One month of bears: Sectors that sent the Nifty down

For the purpose of our analysis, we have considered the one month period from February 17, 2020 to March 16, 2020, when the selling was almost relentless.

March 17, 2020 10:01 IST | India Infoline News Service
On Friday, March 13, the positive closing on the Nifty may have been highly deceptive. On that day, the Nifty had touched the 10% lower circuit leading to a trade freeze for 45 minutes in the morning. It is a different issue that the Sensex recovered over 5000 points from the bottom. However, the underlying weakness has come back to roost on Monday, of March 16. Clearly, the sharp fall has been driven by the Chinese Coronavirus pandemic and the anticipated impact on economic growth.

Ironically, as of the third week of March, the Coronavirus casualties outside of China have exceeded the Chinese casualties. Italy, Iran, France, Spain and South Korea are the worst. With Europe becoming the new epicentre of the virus and the US and India seeing a rapid rise in the number of afflictions, the markets went into a free fall.

Data Source: NSE

Which sectors dragged the index lower?
For the purpose of our analysis, we have considered the one month period from February 17, 2020 to March 16, 2020, when the selling was almost relentless. During this period, the FIIs were sellers on all days except one. It is hard to recollect the last time the markets went into such a free fall in such a short span of time. Most of the heavyweights like Energy, Private Banks, IT and Auto lost value in the last one month at par with the Nifty.

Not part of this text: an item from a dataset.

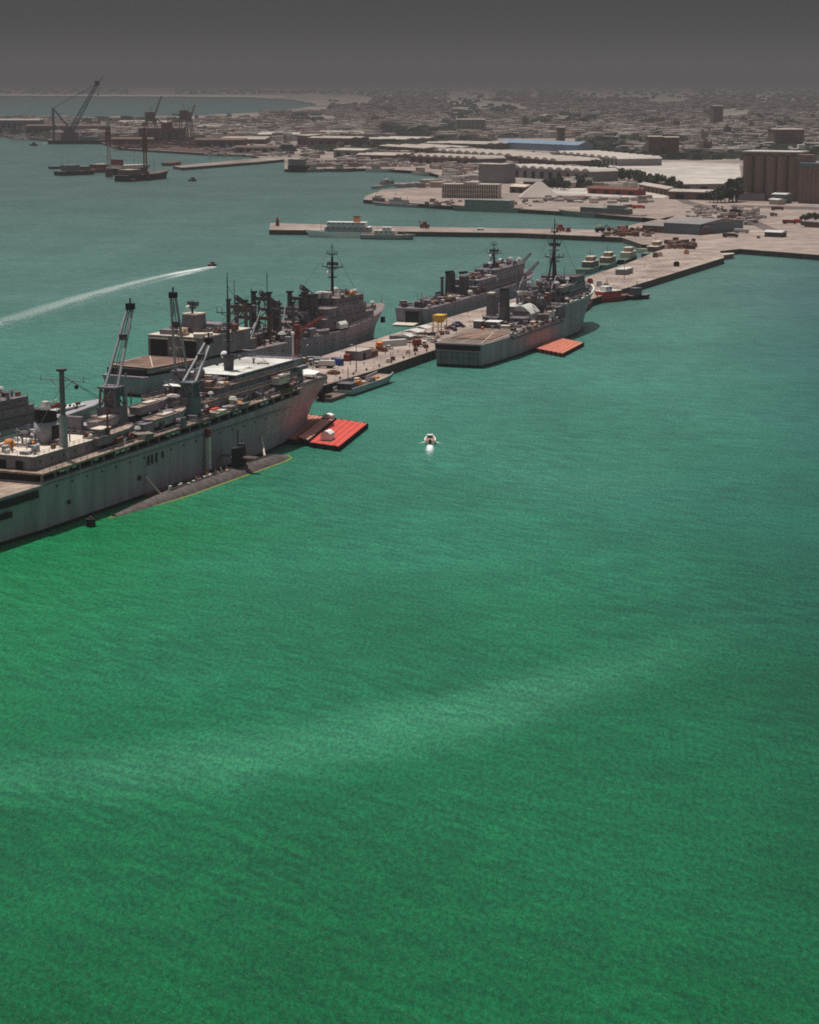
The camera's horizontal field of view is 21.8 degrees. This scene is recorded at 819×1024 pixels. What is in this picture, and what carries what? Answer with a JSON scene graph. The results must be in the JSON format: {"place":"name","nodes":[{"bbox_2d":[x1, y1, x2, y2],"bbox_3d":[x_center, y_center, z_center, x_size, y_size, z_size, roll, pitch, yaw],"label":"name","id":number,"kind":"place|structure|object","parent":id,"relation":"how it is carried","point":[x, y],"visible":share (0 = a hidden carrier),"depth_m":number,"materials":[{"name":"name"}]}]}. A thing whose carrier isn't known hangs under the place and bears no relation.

For the energy sector, it was a clear oil play. With Brent Crude getting close to $30/bbl, the oil heavyweights like ONGC, OIL and RIL took deep cuts. The energy story could have been worse if BPCL had not saved the day. IT index reacted in panic to the sharp slowdown in the US while auto was a clear loser in the China slowdown. Even private banks lost heavily with the heavyweights reacting negatively to the slowdown and to the Yes Bank fiasco.

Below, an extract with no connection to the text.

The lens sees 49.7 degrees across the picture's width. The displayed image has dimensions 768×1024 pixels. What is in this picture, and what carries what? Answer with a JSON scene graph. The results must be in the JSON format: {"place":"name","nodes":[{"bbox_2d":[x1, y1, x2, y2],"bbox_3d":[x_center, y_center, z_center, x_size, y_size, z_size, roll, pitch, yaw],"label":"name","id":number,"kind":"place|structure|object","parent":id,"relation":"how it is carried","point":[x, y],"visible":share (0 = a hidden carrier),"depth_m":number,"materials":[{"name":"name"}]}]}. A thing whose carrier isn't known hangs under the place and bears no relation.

And, some sectors did worse than the Nifty
There are no prizes for guessing. Metals and PSBs did worse than the Nifty. Metals reacted to a sharp fall in price of most base metals on the LME and fears that Chinese demand could slow. PSBs had to put up with a double whammy. On the one hand, the slowdown raised the spectre of NPAs rising once again. Secondly, the markets were not too pleased with SBI bailing out Yes Bank considering SBI itself has a mountain of NPAs to contend with. Even realty took a hit but we shall not dwell too much on them considering their limited weight.

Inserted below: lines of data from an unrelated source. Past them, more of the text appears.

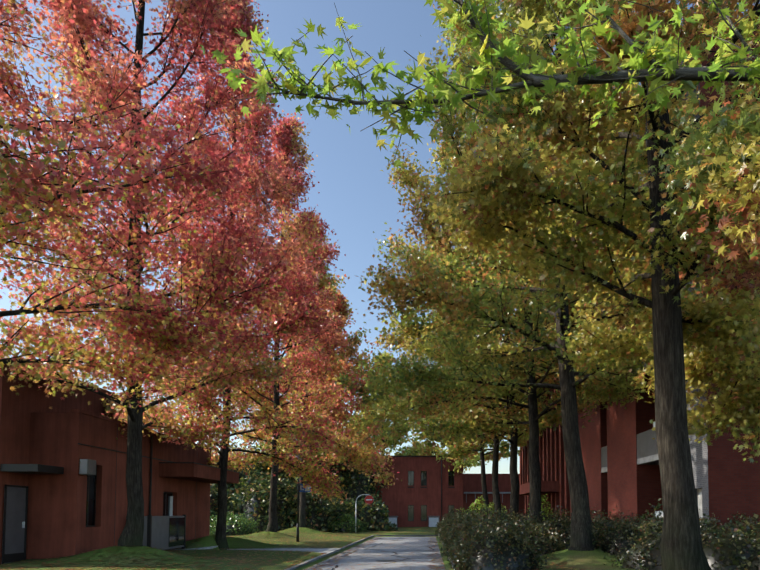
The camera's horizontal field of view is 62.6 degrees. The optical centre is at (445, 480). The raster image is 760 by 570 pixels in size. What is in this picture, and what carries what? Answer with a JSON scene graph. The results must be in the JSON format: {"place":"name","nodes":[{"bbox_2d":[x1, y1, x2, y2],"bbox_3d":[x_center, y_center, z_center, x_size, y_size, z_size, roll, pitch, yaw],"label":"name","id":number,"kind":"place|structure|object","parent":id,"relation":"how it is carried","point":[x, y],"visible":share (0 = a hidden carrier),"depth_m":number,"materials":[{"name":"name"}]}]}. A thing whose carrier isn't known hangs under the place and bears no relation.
{"place":"outdoors","nodes":[
{"label":"outdoors","id":0,"kind":"place"},
{"bbox_2d":[227,548,340,554],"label":"side path","id":1,"kind":"structure","parent":0,"point":[330,550],"depth_m":26.31,"materials":[{"name":"concrete"}]},
{"bbox_2d":[0,527,638,569],"bbox_3d":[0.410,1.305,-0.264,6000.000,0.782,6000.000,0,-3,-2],"label":"ground","id":2,"kind":"structure","parent":0,"point":[588,560],"depth_m":18.49,"materials":[{"name":"green plant"}]},
{"bbox_2d":[0,357,239,563],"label":"building","id":3,"kind":"structure","parent":2,"relation":"on","point":[63,490],"depth_m":18.41,"materials":[{"name":"red brick"}]},
{"bbox_2d":[0,0,252,398],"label":"tree","id":4,"kind":"object","parent":2,"relation":"on","point":[52,192],"visible":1,"depth_m":11.96,"materials":[{"name":"red plant"}]},
{"bbox_2d":[0,0,319,546],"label":"tree","id":5,"kind":"object","parent":2,"relation":"on","point":[225,259],"visible":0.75,"depth_m":18.05,"materials":[{"name":"red plant"}]},
{"bbox_2d":[122,112,372,531],"bbox_3d":[-9.721,-9.009,35.074,12.067,24.260,14.060,-2,-3,30],"label":"tree","id":6,"kind":"object","parent":2,"relation":"on","point":[285,138],"visible":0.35,"depth_m":34.55,"materials":[{"name":"red plant"}]},
{"bbox_2d":[99,0,401,549],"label":"tree","id":7,"kind":"object","parent":2,"relation":"on","point":[312,426],"visible":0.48,"depth_m":26.25,"materials":[{"name":"red plant"}]},
{"bbox_2d":[158,429,397,532],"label":"bushes","id":8,"kind":"object","parent":2,"relation":"on","point":[249,494],"visible":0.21,"depth_m":46.01,"materials":[{"name":"green plant"}]},
{"bbox_2d":[209,512,368,535],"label":"shrubs","id":9,"kind":"object","parent":2,"relation":"on","point":[236,525],"visible":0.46,"depth_m":39.88,"materials":[{"name":"green plant"}]},
{"bbox_2d":[296,453,310,541],"bbox_3d":[-7.061,0.895,30.610,0.784,4.460,0.367,0,-3,-2],"label":"signpost","id":10,"kind":"object","parent":2,"relation":"on","point":[300,488],"visible":0.65,"depth_m":30.58,"materials":[{"name":"grey metal"}]},
{"bbox_2d":[256,391,353,451],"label":"tree","id":11,"kind":"object","parent":2,"relation":"on","point":[309,444],"depth_m":75.04,"materials":[{"name":"orange plant"}]},
{"bbox_2d":[232,216,388,526],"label":"tree","id":12,"kind":"object","parent":2,"relation":"on","point":[333,364],"visible":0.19,"depth_m":42.21,"materials":[{"name":"red plant"}]},
{"bbox_2d":[249,333,374,475],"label":"tree","id":13,"kind":"object","parent":2,"relation":"on","point":[264,457],"visible":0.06,"depth_m":54.01,"materials":[{"name":"orange plant"}]},
{"bbox_2d":[262,290,383,500],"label":"tree","id":14,"kind":"object","parent":2,"relation":"on","point":[342,308],"visible":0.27,"depth_m":51.03,"materials":[{"name":"red plant"}]},
{"bbox_2d":[355,494,373,531],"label":"stop sign","id":15,"kind":"object","parent":2,"relation":"on","point":[369,499],"visible":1,"depth_m":45.11,"materials":[{"name":"red metal"}]},
{"bbox_2d":[262,455,519,526],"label":"building","id":16,"kind":"structure","parent":2,"relation":"on","point":[428,491],"depth_m":57.84,"materials":[{"name":"brick"}]},
{"bbox_2d":[349,350,437,455],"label":"tree","id":17,"kind":"object","parent":2,"relation":"on","point":[426,450],"visible":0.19,"depth_m":76.23,"materials":[{"name":"green plant"}]},
{"bbox_2d":[335,170,561,521],"bbox_3d":[0.957,-8.003,35.238,13.215,22.320,13.646,-1,-3,24],"label":"tree","id":18,"kind":"object","parent":2,"relation":"on","point":[436,424],"visible":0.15,"depth_m":32.38,"materials":[{"name":"green plant"}]},
{"bbox_2d":[405,424,509,470],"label":"tree","id":19,"kind":"object","parent":2,"relation":"on","point":[489,457],"visible":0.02,"depth_m":79.69,"materials":[{"name":"green plant"}]},
{"bbox_2d":[398,247,553,515],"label":"tree","id":20,"kind":"object","parent":2,"relation":"on","point":[458,452],"visible":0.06,"depth_m":44.43,"materials":[{"name":"green plant"}]},
{"bbox_2d":[439,391,528,511],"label":"tree","id":21,"kind":"object","parent":2,"relation":"on","point":[504,445],"visible":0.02,"depth_m":52.42,"materials":[{"name":"green plant"}]},
{"bbox_2d":[349,46,651,523],"bbox_3d":[2.296,-8.660,27.397,12.485,22.675,14.129,0,-3,-2],"label":"tree","id":22,"kind":"object","parent":2,"relation":"on","point":[407,180],"visible":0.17,"depth_m":27.18,"materials":[{"name":"green plant"}]},
{"bbox_2d":[456,494,552,521],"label":"shrubs","id":23,"kind":"object","parent":2,"relation":"on","point":[544,509],"visible":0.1,"depth_m":45.76,"materials":[{"name":"green plant"}]},
{"bbox_2d":[348,0,721,550],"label":"tree","id":24,"kind":"object","parent":2,"relation":"on","point":[604,350],"visible":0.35,"depth_m":18.87,"materials":[{"name":"green plant"}]},
{"bbox_2d":[406,0,759,569],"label":"tree","id":25,"kind":"object","parent":2,"relation":"on","point":[700,210],"visible":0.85,"depth_m":11.04,"materials":[{"name":"green plant"}]},
{"bbox_2d":[435,498,759,569],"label":"hedge","id":26,"kind":"object","parent":2,"relation":"on","point":[473,540],"visible":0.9,"depth_m":16.02,"materials":[{"name":"green plant"}]},
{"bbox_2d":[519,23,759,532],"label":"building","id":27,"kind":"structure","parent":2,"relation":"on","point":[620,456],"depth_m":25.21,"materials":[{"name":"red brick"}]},
{"bbox_2d":[309,537,444,569],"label":"road","id":28,"kind":"structure","parent":0,"point":[416,546],"depth_m":23.86,"materials":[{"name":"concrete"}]},
{"bbox_2d":[274,535,454,569],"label":"kerb","id":29,"kind":"structure","parent":28,"relation":"on","point":[307,561],"depth_m":27.00,"materials":[{"name":"concrete"}]},
{"bbox_2d":[356,546,394,561],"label":"manhole gratings","id":30,"kind":"object","parent":28,"relation":"on","point":[382,560],"visible":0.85,"depth_m":21.74,"materials":[{"name":"metal"}]},
{"bbox_2d":[0,0,759,473],"label":"sky","id":31,"kind":"structure","parent":0,"point":[356,198],"materials":[{"name":"blue"}]},
{"bbox_2d":[199,0,759,168],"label":"overhanging tree","id":32,"kind":"object","parent":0,"point":[691,75],"visible":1,"depth_m":6.08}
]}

But, some sectors managed to better the Nifty
There were 3 sectors that clearly outperformed the Nifty. OK, here is a caveat. All of them gave negative returns. In fact, on 13th March when the Nifty touched lower circuit after a gap of almost 12 years, all the sectoral indices touched a 52-week low. That is a rare event that you don’t get to see normally. But coming back to the sectors that did better, MNCs and FMCG were hardly surprising but pharma was certainly a surprise. FMCG stocks also came under pressure on slowdown concerns due to the shutdown. But with a robust online platform at play, FMCG companies may not really take a hit on sales. Pharma was the surprise package. It benefited from the expectation that the supply chain disruption in China would open the floodgates for Indian pharma companies manufacturing APIs (active pharma ingredients). Also, any global pandemic is normally seen as positive for pharma stocks.

Large caps, Mid Caps, Small Caps; they all cracked
Between February 17, 2020  and March 16, 2020, if you look at the market, there was little to choose between the large caps and the mid caps. Check the table below.
Nifty 50 Index Nifty Mid Cap Index Nifty Small Cap Index
-23.65% -24.77% -27.33%
Data Source: NSE

Ideally, one can argue that weak oil prices should be positive for mid caps but that would work more in the medium term. In the midst of panic, it is a combination of margin positions hitting the stops and stocks getting unwound. That explains why the mid caps and the small caps have also taken a hit. When more than 70% of the stocks hit lower circuits, you can be sure that few will come out clean.

What is the road going ahead? Two things could change the scenario. Firstly, the dividends of cheap oil and a stable rupee will soon be evident in the cost structures of companies. That will be a positive feature. Secondly, the massive infusion of liquidity by central banks and the world getting back to 0% rates should hopefully revive the story in equities. In a sense, that could be a repeat of what happened after 2009.